Уже отмечалось, что рок-альбом обладает всеми признаками лирического цикла; сильными позициями в нем будут являться заглавие альбома, название группы, имена исполнителей и визуальное оформление обложки, вместе представляющие собой заголовочный комплекс330, а также начальная и финальная композиции. Заглавие – один из важнейших циклообразующих элементов. Как феномен, оно, во-первых, воплощает в свёрнутом виде смысл текста, а, во-вторых, функционирует как имя текста331.
Заглавие рок-альбома, как и заглавие лирического цикла, во-первых, является формальной скрепой, объединяющей входящие в ансамбль тексты, а, во-вторых, создает установку на восприятие всего ансамбля, проецируя свою семантику на всю целостность. При этом важны те дополнительные смыслы, которые рождаются взаимодействием заглавий отдельных текстов, составляющих ансамбль, между собой и с общим заглавием. Это даёт основание считать список песен, традиционно помещаемый на обложке альбома, ещё одной сильной позицией.
Существуют два уровня функционирования заглавия художественного текста: в тексте и вне его. Когда текст ещё не прочитан, заглавие выступает в качестве претекста. Реципиент соотносит его со своим опытом, на основе которого у читателя вырабатывается некоторое предпонимание текста. Причём, чем полисемантичнее заглавие, чем к большим областям читательского опыта оно отсылает, тем более сложным является его восприятие.
Таким образом, заглавие, находясь на границе между текстом и внетекстовой действительностью, соотносит с внеположенными тексту явлениями сначала себя, а через себя и весь текст.
В соотношении с внетекстовыми реалиями заглавие «Театр абсурда» разворачивается в следующих планах:
Прежде всего, это абсурдистскоенаправление в западноевропейскойдраматургииитеатре, возникшее в серединеXX века.
В обыденном же сознании, в сознании человека, не знакомого с особенностями драматургии XX века, сочетание слов «театр абсурда» представляет собой устойчивое выражение, «идиому, обозначающую ситуацию, в которой, с точки зрения говорящего, нарушаются базовые принципы естественной логики»332.
Наконец, присутствие слова «театр» в названии альбома группы «Пикник», знаменитой своими театрализованными представлениями (на это в творчестве «Пикника» работают и остальные составляющие синтетического рок-текста: например, создаются длинные музыкальные проигрыши для выступления персонажей и разыгрывания сценок)333, может означать именно театрализацию представления программы «театра абсурда».

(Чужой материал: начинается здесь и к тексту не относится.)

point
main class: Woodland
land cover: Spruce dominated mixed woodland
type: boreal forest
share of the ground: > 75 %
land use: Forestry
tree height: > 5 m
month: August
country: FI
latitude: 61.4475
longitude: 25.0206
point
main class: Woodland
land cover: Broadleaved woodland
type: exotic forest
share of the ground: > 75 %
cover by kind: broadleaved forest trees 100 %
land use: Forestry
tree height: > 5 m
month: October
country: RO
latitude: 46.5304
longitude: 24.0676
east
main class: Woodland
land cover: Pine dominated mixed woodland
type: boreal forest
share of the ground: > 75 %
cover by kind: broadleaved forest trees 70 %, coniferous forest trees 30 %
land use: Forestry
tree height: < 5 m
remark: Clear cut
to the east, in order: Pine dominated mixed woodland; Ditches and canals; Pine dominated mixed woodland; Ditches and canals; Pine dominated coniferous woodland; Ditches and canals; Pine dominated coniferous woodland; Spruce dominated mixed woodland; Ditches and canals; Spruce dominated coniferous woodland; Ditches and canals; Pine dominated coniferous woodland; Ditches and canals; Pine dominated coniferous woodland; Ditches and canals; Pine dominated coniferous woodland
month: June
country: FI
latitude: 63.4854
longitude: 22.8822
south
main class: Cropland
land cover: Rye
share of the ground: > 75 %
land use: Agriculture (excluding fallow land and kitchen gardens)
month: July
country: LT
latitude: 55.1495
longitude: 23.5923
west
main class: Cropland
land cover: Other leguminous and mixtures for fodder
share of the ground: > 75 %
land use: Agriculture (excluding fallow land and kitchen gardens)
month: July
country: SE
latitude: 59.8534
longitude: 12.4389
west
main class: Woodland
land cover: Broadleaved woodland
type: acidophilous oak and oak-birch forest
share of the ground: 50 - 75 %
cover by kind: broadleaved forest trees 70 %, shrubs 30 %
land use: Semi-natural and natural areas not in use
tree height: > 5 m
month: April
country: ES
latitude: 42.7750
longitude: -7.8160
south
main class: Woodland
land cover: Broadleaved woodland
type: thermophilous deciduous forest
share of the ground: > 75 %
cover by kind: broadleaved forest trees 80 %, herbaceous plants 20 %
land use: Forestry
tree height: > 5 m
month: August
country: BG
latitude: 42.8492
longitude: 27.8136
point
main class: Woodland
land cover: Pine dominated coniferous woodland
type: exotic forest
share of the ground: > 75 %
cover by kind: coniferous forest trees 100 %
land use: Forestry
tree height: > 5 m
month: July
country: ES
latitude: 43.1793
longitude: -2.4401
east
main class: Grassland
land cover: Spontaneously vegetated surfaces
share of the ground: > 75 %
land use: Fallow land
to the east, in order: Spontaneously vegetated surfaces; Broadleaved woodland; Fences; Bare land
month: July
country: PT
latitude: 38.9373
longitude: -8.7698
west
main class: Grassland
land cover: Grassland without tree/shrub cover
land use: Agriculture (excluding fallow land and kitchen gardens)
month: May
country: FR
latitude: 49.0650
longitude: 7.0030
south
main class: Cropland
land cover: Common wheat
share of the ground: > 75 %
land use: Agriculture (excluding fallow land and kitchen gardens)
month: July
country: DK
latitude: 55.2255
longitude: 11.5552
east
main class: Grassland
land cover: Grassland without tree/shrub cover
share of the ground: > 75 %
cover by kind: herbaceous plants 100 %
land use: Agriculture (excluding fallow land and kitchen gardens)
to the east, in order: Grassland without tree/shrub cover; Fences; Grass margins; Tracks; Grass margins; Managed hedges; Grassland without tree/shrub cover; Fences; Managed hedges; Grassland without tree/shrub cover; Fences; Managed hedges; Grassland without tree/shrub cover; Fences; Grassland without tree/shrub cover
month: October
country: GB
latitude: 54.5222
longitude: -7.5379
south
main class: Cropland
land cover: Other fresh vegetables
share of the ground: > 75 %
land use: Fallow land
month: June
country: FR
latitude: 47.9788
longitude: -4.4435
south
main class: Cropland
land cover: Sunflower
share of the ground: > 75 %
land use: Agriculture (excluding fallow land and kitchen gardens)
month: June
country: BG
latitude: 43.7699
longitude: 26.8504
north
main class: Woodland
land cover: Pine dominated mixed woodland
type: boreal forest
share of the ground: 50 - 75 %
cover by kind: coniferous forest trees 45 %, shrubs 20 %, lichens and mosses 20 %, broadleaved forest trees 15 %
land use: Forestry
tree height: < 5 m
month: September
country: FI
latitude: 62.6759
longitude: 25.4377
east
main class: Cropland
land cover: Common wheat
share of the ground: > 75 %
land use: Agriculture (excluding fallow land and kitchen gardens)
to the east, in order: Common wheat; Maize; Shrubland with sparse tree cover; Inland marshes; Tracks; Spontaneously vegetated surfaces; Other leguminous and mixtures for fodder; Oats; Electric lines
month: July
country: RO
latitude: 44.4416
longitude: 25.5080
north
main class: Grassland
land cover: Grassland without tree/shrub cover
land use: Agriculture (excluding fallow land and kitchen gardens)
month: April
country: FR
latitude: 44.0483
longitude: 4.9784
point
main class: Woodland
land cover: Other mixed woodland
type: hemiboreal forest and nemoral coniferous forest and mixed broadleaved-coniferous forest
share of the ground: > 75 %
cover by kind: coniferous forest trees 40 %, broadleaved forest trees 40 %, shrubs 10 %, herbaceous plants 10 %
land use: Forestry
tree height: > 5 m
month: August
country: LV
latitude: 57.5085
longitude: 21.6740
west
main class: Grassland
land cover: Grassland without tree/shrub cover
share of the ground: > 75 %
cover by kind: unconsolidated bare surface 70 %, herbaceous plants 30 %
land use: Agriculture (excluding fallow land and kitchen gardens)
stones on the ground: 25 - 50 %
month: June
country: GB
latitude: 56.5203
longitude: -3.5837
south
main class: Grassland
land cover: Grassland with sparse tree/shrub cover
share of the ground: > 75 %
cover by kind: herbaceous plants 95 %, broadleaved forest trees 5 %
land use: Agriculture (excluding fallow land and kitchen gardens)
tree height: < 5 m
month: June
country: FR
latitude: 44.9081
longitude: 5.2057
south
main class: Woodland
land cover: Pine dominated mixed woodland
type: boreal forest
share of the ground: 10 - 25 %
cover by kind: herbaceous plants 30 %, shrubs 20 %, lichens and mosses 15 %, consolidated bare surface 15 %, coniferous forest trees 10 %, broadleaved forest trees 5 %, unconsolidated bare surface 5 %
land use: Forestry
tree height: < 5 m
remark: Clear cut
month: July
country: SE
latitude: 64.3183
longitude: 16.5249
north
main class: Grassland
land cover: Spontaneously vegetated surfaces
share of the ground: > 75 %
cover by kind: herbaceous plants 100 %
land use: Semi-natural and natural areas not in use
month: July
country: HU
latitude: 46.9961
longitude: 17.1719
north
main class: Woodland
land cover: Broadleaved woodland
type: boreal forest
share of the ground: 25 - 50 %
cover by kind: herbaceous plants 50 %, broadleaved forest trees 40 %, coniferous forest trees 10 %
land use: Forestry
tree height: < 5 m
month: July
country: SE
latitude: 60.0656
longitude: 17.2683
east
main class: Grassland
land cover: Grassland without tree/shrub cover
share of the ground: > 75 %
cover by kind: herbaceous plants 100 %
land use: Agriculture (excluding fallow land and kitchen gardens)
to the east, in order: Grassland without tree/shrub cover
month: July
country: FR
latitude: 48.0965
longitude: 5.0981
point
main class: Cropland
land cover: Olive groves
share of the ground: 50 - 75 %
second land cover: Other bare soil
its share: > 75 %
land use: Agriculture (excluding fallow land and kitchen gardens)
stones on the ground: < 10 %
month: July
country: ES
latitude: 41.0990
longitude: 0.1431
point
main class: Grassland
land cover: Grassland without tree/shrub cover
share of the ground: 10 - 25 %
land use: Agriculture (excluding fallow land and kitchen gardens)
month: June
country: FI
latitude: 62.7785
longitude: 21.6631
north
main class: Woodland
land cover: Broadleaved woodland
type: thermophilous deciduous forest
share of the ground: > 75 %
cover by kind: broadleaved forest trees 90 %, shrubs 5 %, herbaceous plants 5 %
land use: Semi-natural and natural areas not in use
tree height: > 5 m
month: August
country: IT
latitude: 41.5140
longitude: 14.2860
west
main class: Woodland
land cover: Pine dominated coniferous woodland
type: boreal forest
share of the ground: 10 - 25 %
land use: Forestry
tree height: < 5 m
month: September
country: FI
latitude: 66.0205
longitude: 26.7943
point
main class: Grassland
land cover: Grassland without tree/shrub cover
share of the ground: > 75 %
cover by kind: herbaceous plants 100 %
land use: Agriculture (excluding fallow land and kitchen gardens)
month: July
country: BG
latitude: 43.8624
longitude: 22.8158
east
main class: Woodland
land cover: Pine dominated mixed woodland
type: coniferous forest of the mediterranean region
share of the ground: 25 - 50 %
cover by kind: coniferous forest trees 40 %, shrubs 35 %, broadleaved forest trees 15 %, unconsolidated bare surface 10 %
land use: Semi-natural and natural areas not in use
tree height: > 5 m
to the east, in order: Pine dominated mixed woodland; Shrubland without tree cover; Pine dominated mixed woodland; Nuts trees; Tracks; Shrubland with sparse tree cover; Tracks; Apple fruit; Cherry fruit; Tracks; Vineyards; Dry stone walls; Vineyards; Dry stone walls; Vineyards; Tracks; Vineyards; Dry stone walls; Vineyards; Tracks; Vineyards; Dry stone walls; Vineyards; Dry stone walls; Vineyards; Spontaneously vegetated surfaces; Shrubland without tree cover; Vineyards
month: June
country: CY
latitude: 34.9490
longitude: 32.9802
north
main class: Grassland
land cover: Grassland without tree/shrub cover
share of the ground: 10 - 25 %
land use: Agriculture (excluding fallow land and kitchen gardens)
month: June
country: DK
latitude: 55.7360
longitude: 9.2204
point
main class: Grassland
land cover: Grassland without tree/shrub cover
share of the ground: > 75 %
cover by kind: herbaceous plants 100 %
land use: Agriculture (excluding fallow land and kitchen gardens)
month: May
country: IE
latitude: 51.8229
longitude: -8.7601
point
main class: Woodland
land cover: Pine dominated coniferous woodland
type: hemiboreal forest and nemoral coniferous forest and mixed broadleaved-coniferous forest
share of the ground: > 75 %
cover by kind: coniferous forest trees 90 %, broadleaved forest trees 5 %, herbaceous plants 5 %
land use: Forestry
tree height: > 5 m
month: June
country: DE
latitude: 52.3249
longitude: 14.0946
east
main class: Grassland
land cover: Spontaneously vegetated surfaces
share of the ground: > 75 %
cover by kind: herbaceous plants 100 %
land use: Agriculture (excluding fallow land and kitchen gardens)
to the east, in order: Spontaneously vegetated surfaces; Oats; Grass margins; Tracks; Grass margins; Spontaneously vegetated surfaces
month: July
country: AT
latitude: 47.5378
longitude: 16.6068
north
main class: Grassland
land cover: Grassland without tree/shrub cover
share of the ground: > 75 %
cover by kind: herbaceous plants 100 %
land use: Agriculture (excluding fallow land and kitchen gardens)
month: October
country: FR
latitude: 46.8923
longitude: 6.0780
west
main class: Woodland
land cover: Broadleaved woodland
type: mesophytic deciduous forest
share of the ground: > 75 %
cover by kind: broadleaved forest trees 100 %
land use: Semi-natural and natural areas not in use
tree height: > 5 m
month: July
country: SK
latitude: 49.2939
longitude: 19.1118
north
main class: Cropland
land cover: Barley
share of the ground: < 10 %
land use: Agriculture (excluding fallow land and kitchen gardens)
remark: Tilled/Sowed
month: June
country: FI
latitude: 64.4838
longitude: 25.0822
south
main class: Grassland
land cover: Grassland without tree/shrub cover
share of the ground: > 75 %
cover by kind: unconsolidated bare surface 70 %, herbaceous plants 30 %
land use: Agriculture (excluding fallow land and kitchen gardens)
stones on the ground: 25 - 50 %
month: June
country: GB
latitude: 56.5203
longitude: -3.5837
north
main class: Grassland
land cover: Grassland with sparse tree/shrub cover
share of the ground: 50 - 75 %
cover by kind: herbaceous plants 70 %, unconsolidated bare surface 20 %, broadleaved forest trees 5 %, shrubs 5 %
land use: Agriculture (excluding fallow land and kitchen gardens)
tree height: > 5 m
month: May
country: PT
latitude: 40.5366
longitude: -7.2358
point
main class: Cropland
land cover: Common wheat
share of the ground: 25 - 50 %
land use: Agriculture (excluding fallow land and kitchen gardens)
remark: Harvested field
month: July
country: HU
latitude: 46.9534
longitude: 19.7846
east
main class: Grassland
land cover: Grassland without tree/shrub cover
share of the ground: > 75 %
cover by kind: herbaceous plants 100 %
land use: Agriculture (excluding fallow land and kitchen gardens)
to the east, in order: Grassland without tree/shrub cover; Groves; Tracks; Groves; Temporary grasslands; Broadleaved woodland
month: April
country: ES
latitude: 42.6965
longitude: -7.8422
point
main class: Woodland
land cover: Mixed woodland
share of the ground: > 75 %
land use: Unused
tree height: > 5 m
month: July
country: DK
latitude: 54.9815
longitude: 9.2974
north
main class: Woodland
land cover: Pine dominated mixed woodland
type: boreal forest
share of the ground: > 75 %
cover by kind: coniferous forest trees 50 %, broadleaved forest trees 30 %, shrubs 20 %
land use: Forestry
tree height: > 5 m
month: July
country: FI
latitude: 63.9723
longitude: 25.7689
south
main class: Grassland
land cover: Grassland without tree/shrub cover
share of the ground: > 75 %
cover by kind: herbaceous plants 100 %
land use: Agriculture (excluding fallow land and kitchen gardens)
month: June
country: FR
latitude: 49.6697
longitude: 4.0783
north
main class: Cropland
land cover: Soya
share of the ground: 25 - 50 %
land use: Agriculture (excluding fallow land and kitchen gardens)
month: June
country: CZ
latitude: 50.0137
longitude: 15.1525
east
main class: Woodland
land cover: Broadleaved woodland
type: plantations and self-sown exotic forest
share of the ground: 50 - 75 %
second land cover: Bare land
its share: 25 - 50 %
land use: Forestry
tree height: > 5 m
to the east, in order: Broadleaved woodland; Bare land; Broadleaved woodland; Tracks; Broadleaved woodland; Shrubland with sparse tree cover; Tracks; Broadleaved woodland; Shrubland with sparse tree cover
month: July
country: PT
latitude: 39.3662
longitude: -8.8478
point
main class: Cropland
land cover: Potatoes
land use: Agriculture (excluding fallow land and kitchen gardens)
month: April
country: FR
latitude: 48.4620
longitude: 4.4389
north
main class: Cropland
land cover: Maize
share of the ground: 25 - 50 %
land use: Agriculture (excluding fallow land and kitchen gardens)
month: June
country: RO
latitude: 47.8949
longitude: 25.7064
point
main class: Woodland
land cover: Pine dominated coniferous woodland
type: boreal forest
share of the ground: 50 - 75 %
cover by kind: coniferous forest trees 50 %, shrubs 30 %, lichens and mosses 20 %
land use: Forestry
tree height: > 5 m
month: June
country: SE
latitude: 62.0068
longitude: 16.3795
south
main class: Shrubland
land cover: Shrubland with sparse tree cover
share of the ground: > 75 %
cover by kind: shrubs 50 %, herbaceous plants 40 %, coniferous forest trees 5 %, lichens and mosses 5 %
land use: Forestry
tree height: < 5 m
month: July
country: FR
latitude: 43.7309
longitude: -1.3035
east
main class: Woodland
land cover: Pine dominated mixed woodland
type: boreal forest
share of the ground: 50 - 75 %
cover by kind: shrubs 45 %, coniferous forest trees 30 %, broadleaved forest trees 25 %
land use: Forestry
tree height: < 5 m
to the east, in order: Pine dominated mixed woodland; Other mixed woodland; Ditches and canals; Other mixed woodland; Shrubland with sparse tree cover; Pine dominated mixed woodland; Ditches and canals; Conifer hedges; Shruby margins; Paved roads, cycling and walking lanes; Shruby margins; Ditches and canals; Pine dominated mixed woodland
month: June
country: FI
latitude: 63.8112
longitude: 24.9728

Рассмотрим все эти планы подробнее.
В плане «театр абсурда как направление в драматургии» заглавие будет пониматься в логике, присущей этому направлению: абсурдность мира, лишенного Бога и вообще каких-либо высших сил, бессмысленность любых активных действий, беспомощность слова и языка, необходимость осознания абсурдности как «принятия без смирения». Но этот план подключается только в том случае, если реципиент имеет какое-то представление об абсурдистском направлении в искусстве.
В плане «театр абсурда как идиома» самое очевидное понимание заглавия будет следующим: жизнь (или какой-то ее аспект) как театр.
Что касается аспекта театрализации, то альбом можно воспринимать (особенно если реципиент слушает его в аудиозаписи) как сконструированный в форме театрального спектакля – случаи представления альбома как спектакля на определенную тему в русском роке не редки334. В таком случае спектакль будет внешним планом альбома, а абсурд – сущностью данного спектакля, внутренним планом.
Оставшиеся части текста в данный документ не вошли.